Step-by-Step Solution

Given Information
We are given with the bases; $B = \left\{ b _ { 1 } , \ldots , b _ { p } \right\}$ for the subspace $W$ and $L$. And the set $A = \left\{ a _ { 1 } , \ldots , a _ { q } \right\}$ contains more than $p$ vectors. We have to answer some questions based on this information.

Step-1: (a)
We have to explain why for each vector $\mathbf { a } _ { j } ,$ there exists a vector $\mathbf { c } _ { j }$ in $\mathbb { R } ^ { p }$ such that $\mathbf { a } _ { j } = B \mathbf { c } _ { j }$ .

Since B is the basis for the subspace $W = \mathbb { R } ^ { p }$, hence for any vector in W, there exists nonzero constants such that: \[\left[ a _ { j } \right] _ { B } = c _ { 1 } a _ { 1 } + c _ { 2 } a _ { 2 } + \cdots + c _ { p } a _ { p }\]Thus, \[a _ { j } = \sum _ { i = 1 } ^ { p } c _ { i } a _ { i }\]or \[a _ { j } = B c _ { i }\]

Step-2: (b)
If $C = \left[ \mathbf { c } _ { 1 } \cdots \mathbf { c } _ { q } \right] .$, we have to explain why there is a nonzero vector $\mathbf { u }$ such that $C \mathbf { u } = \mathbf { 0 }$ .

The set C contains more vectors then the basis B. Hence C is a linearly dependent set.

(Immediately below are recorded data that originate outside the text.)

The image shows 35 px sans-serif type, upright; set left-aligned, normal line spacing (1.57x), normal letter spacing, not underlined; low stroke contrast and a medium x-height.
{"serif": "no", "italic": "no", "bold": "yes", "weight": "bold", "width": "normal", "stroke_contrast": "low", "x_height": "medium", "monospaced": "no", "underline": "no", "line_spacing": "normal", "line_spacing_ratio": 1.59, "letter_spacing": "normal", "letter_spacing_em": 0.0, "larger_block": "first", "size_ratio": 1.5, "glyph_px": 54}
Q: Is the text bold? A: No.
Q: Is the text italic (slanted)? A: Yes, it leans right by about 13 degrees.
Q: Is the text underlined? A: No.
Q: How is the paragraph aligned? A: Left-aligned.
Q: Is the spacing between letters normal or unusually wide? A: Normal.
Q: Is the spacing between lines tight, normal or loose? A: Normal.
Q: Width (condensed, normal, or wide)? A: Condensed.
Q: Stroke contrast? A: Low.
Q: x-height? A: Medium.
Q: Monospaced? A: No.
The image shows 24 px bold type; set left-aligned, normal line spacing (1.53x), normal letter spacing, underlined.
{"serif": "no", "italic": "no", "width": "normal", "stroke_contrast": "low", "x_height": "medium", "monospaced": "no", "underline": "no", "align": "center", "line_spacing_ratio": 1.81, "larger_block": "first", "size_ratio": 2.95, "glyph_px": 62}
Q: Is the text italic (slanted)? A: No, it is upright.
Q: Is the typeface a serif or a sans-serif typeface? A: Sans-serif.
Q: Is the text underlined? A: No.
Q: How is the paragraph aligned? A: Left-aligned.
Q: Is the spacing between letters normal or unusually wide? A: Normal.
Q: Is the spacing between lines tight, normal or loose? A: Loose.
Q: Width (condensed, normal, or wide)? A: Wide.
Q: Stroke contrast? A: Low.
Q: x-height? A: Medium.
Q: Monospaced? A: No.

Thus, the equation $Cu=0$ must have a non-trivial solution.

Step-3: (c)
Using the sets B and C, we have to show that $Au = 0$

The matrix A is given by:\[A = \left[ a _ { 1 } , \ldots , a _ { q } \right] = \left[ B c _ { 1 } , \ldots , B c _ { q } \right] = B C\]Thus, \[\begin{array}{l}Au = BCu\\Au = B(Cu)\\Au = B{\bf{0}}\\Au = {\bf{0}}\end{array}\]Therefore,

The columns of A are linearly independent.